The Sequential Process Problem
The traditional planning flow follows a sequential model: demand passes to inventory, which passes to production, which passes to purchasing, which passes to distribution. Each step depends on the previous one, and any adjustment returns to the beginning of the cycle.
This handoff model between departments generates constant back-and-forth, with cycles lasting days. When the final plan arrives, the initial assumptions are already outdated.
Each round-trip in the process consumes time and deteriorates decision quality. The result is a plan that's already outdated at birth.
How to Structure Scenario Generation
Structuring scenario generation in a disciplined way requires a clear method:
Define the scenario objective: demand increase, supplier disruption, capacity expansion, new market entry.
Define initial variations: Base Plan, Risk Scenario, and Opportunity Scenario, with clear assumptions.
Propagate automatically through the supply chain, recalculating inventory, production, purchasing, and distribution.
Create operational branches from the most relevant scenarios, exploring tactical alternatives.
Compare scenarios with real metrics: service level, inventory, utilization, cost, and delay.
Define actions and prioritize decisions based on consistent and traceable data.
Cross-Functional Collaboration
Scenarios aren't built by a single person.
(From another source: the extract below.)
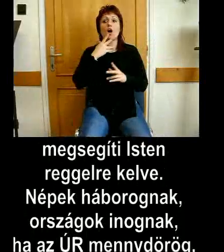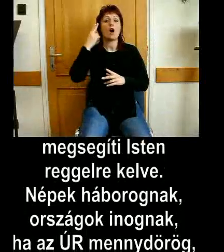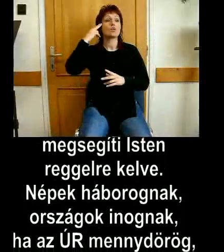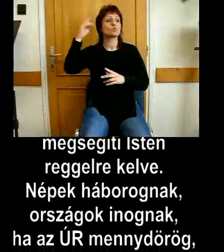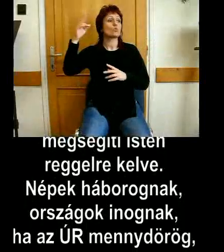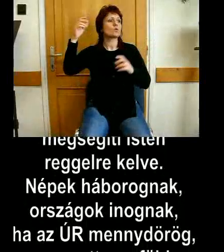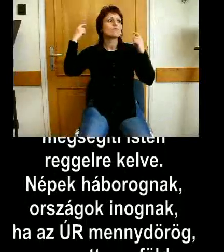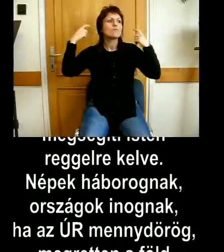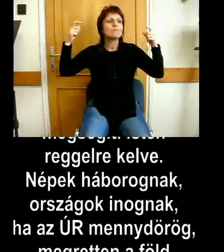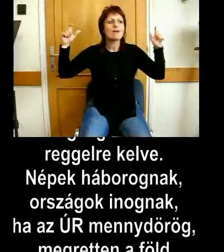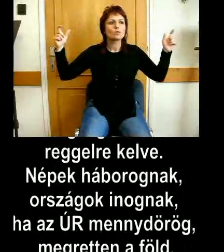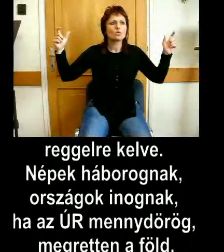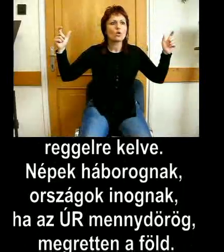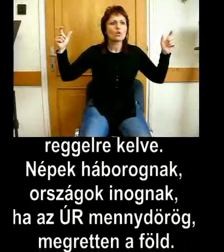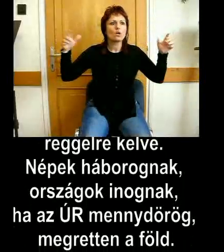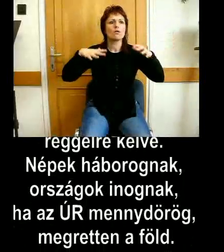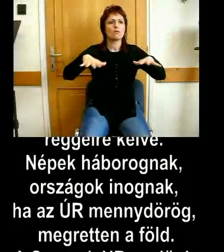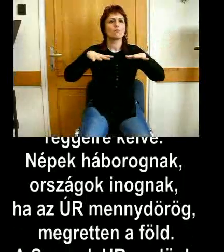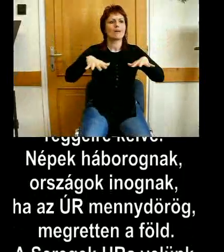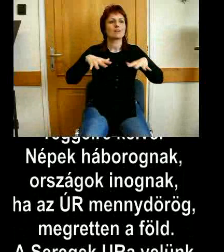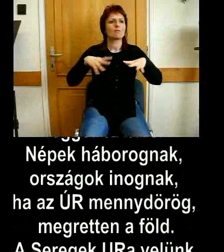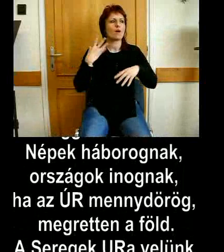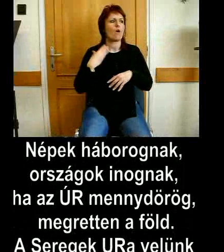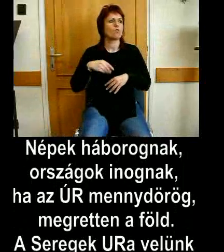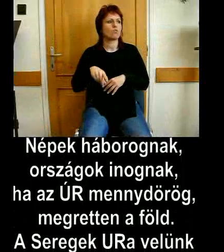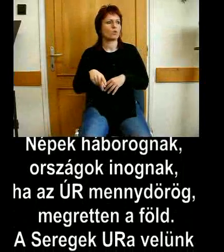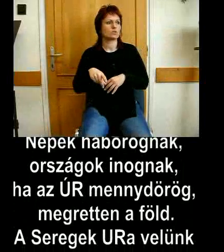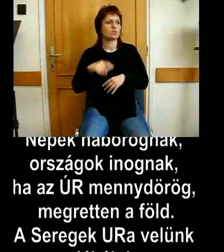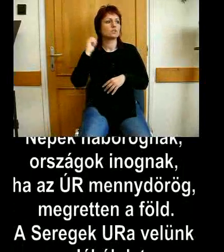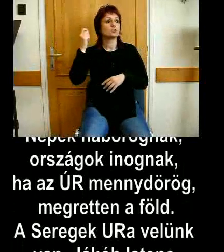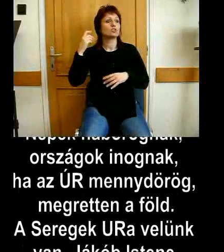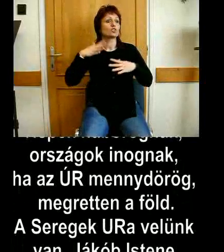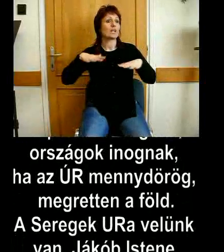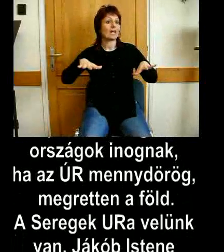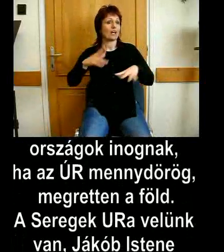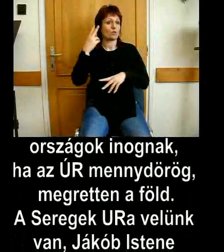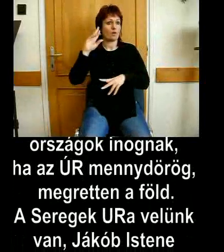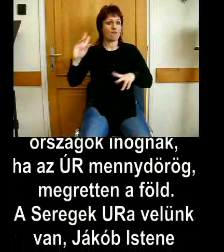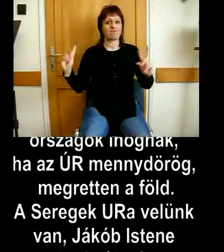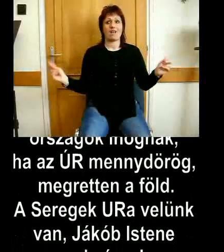föld. A seregek ura velünk van, jákók Istene, ami várunk.
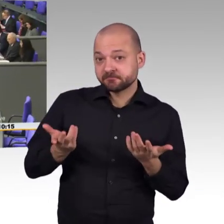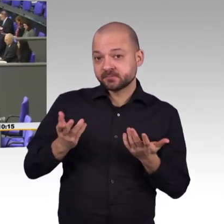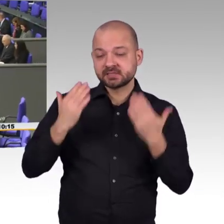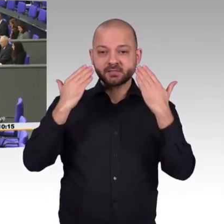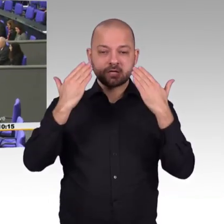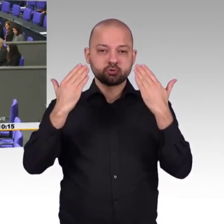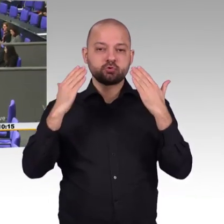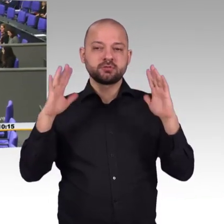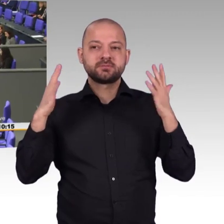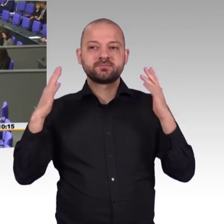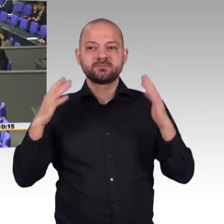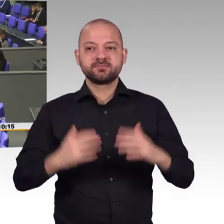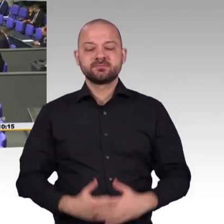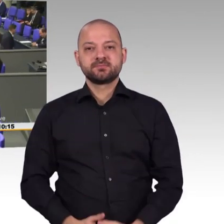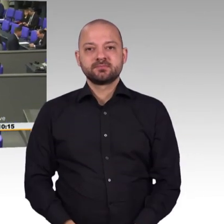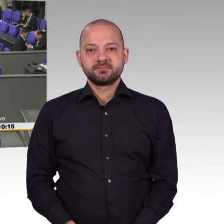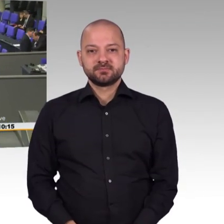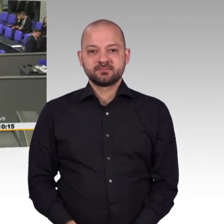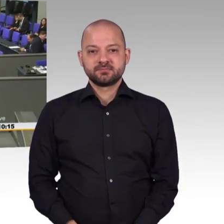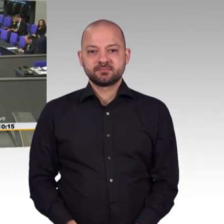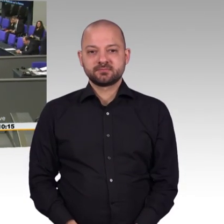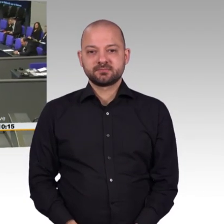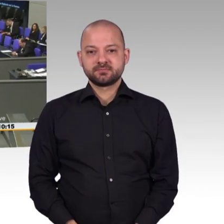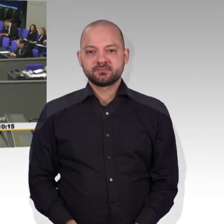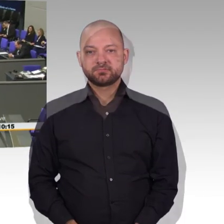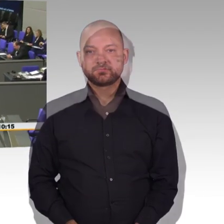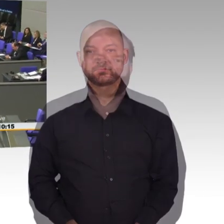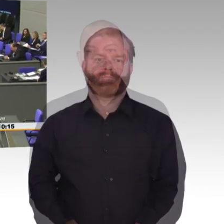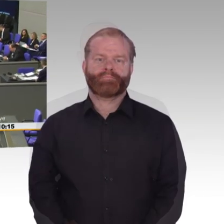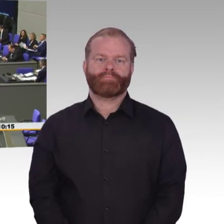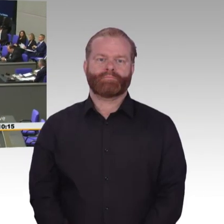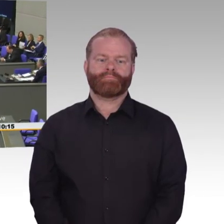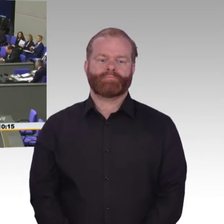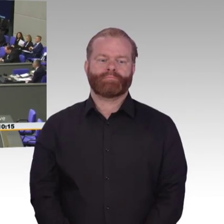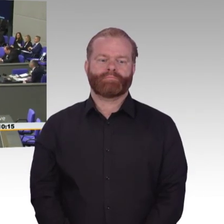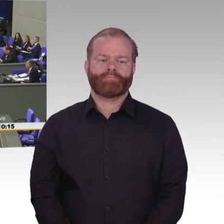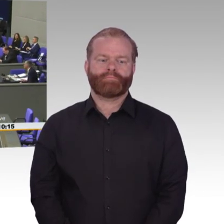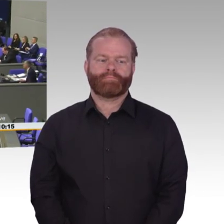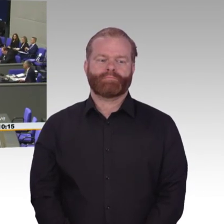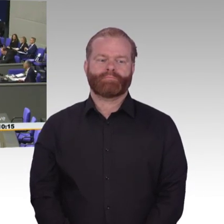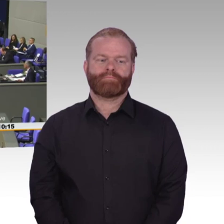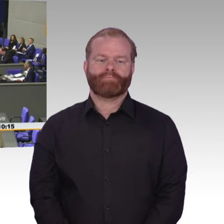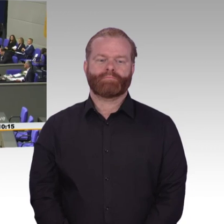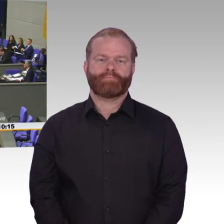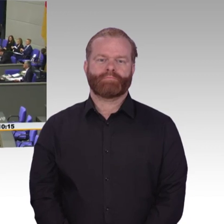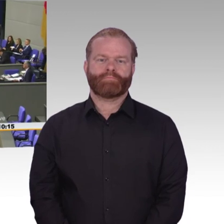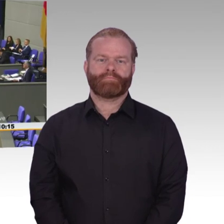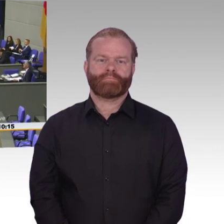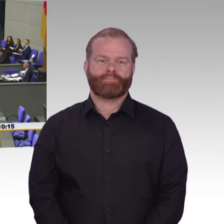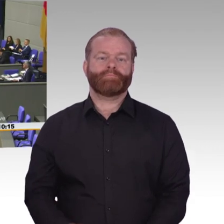Sehr geehrter Herr Präsident! Liebe Kolleginnen und Kollegen! Verehrte Gäste auf der Besuchertribüne! Digitalisierung gestalten ist

Each department contributes its expertise: demand is the responsibility of commercial and planning, inventory of logistics, production of the industrial area, purchasing of supply, and finance validates costs and margins.
A scenario is only valid when it works for all departments. Without this cross-validation, the plan doesn't represent operational reality.
What Changes with an End-to-End Platform
With an end-to-end platform, a single scenario traverses the entire chain with immediate recalculation. Impacts are visible in real time, cross-functional collaboration happens on the same data model, and scenario comparison is structured and objective.
This doesn't eliminate planning complexity. But it eliminates time lost to fragmentation, rework, and decisions based on partial information. The result is a faster, more consistent process that's better connected to operational reality.
Conclusion
Scenario simulation without end-to-end propagation is incomplete planning, leading to decisions based on partial information. Real simulation means understanding how each decision propagates across the entire operation, from the first demand adjustment to the last customer delivery.
Without end-to-end propagation, there is no simulation. There is reaction.